1/2 cup unsweetened cocoa
1/2 cup chopped pitted dates
1 teaspoon instant coffee granules
1/2 cup boiling water
2/3 cup whole wheat flour
1/2 teaspoon baking powder
1/4 teaspoon salt
1/3 cup walnuts toasted *
1 egg
1 egg white
1 cup plus 1 tablespoon sugar, divided
2 tablespoons canola oil
1 teaspoon vanilla extract
1/4 semi sweet chocolate chips

1) Heat oven to 350 F. Coat 8x11 inch baking dish with non stick cooking spray.
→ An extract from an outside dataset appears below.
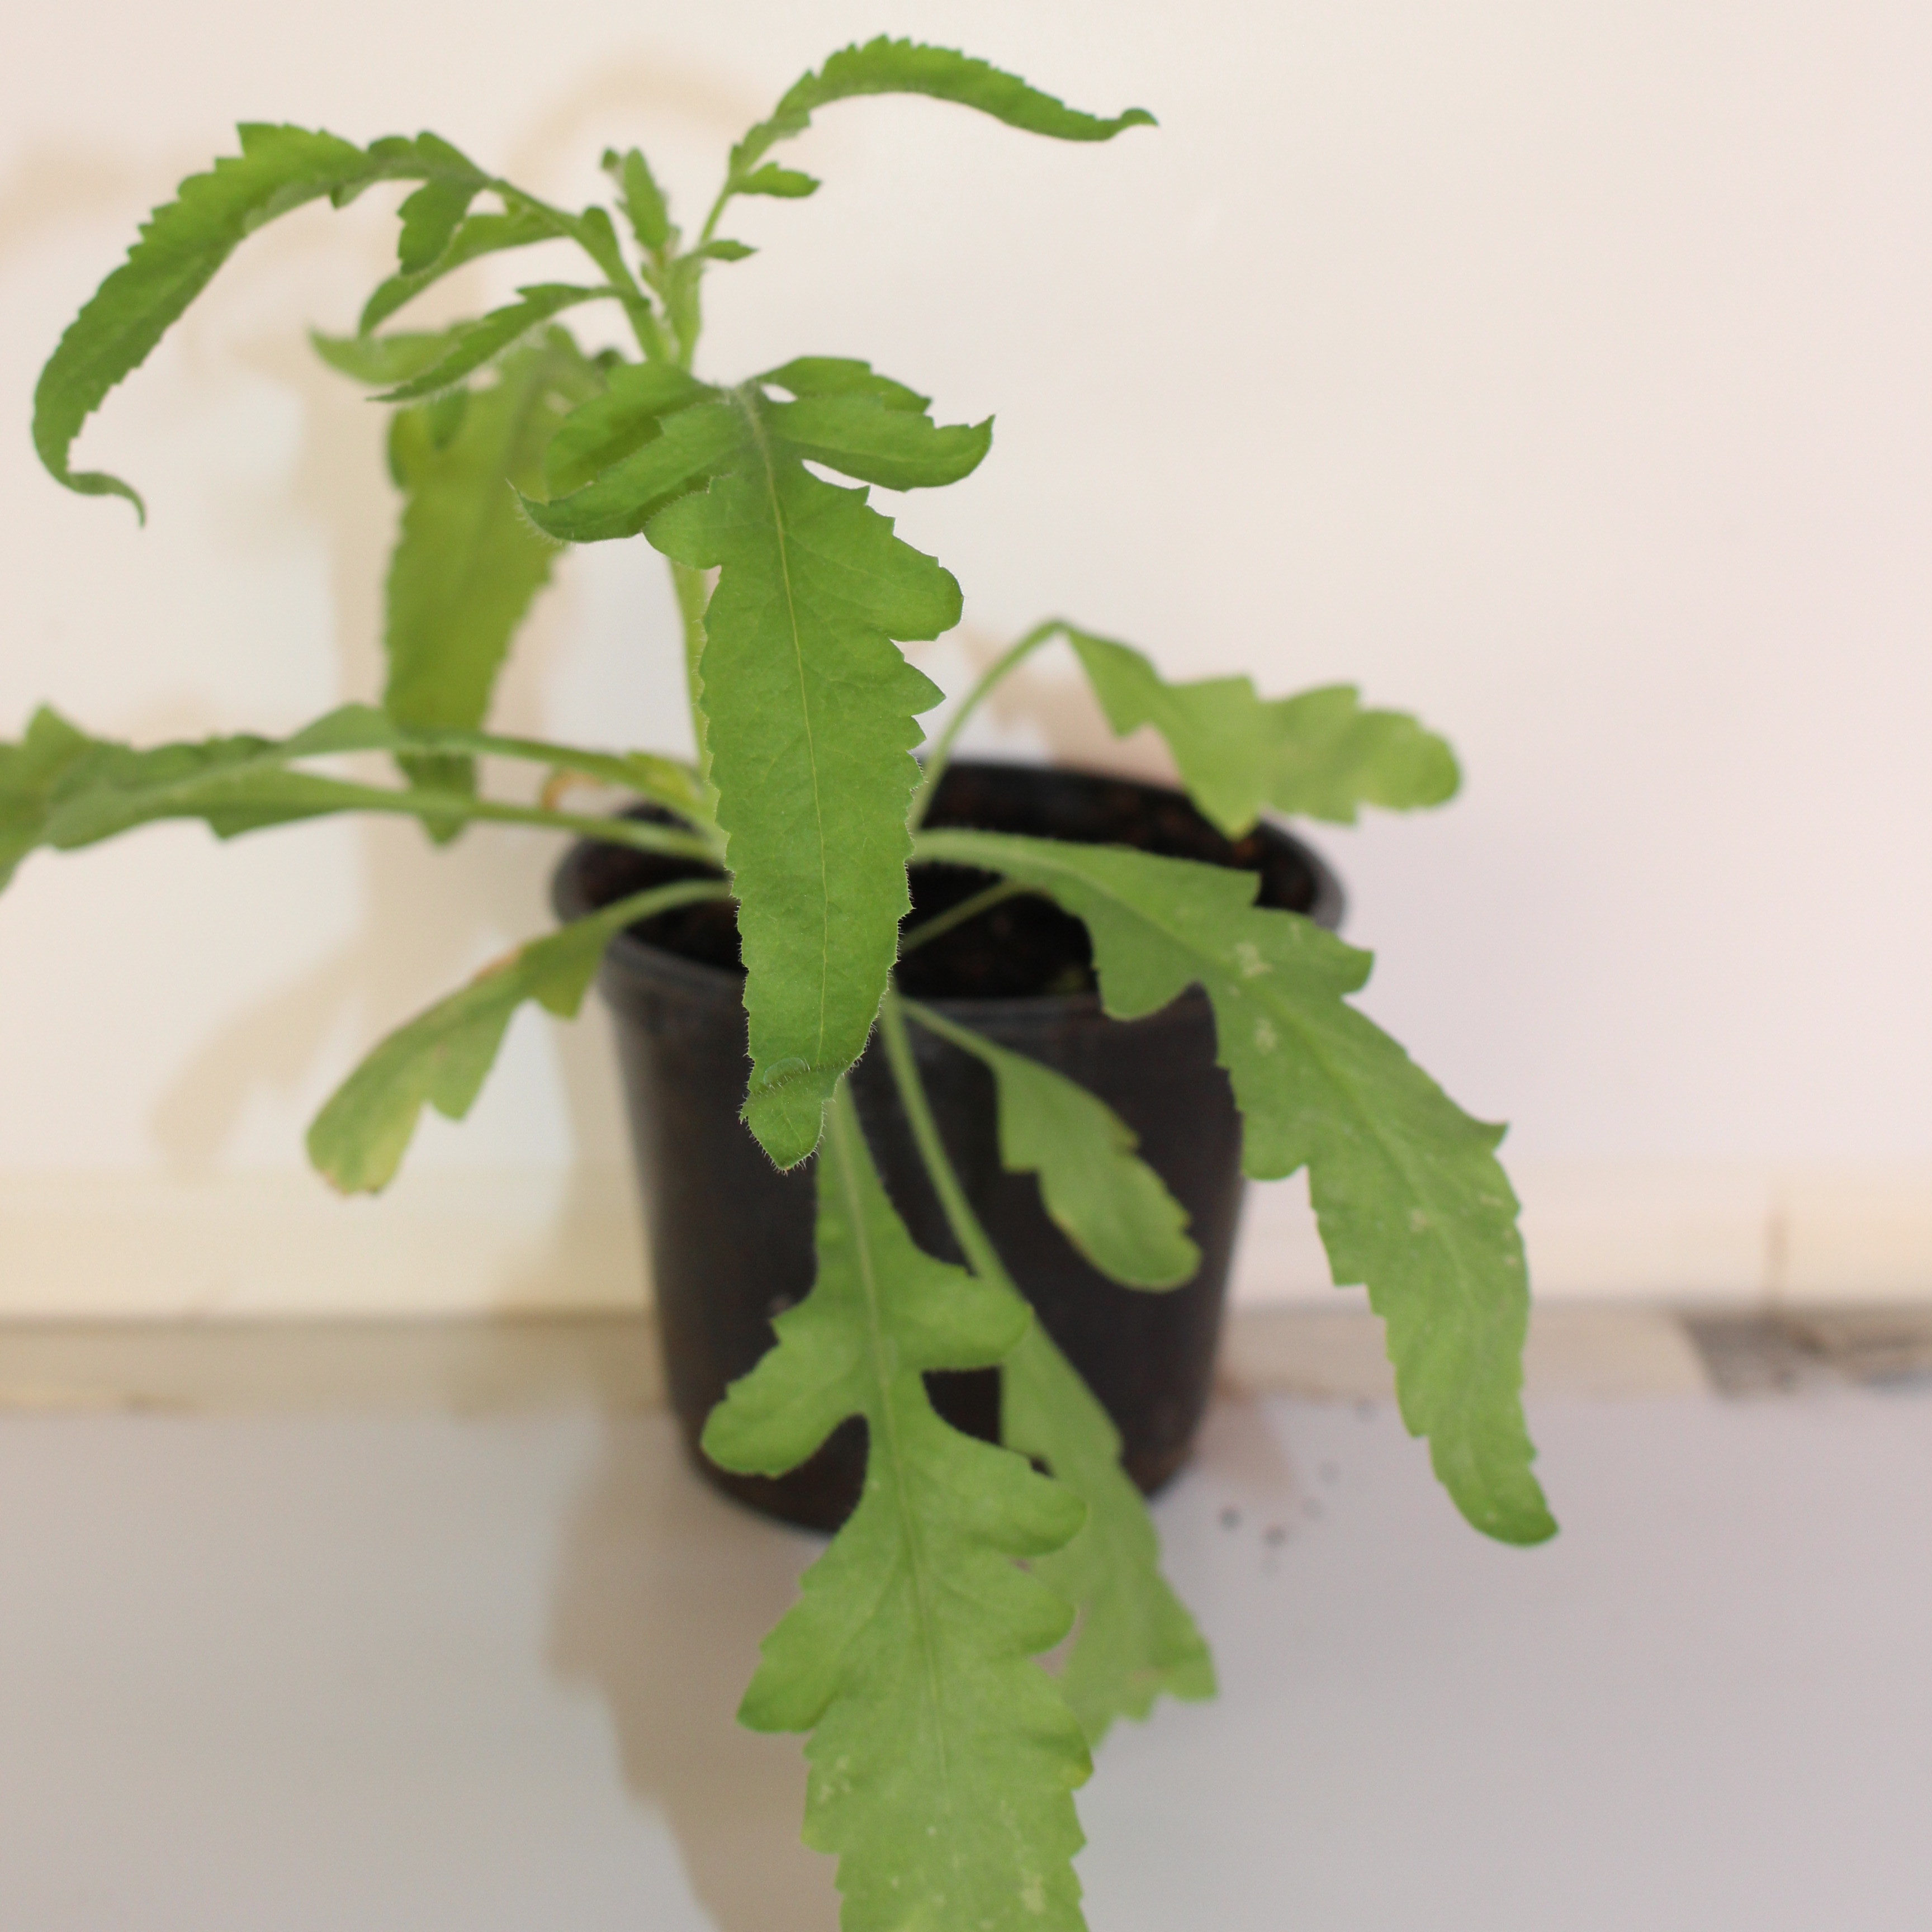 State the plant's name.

Papaver rhoeas

In medium bowl, combine cocoa, dates and coffee.Add boiling water; stir until cocoa has dissolved. Let stand about 10 minutes or until completely cooled.

2) In food processor, flour, baking powder, salt and walnuts; process until walnuts are ground. Transfer to large bowl.

3) Scrape cooled cocoa mixture into food processor. Add egg, egg white, 1 cup of the sugar, canola oil and vanilla; process until smooth, stopping once or twice to scrape down sides of bowl.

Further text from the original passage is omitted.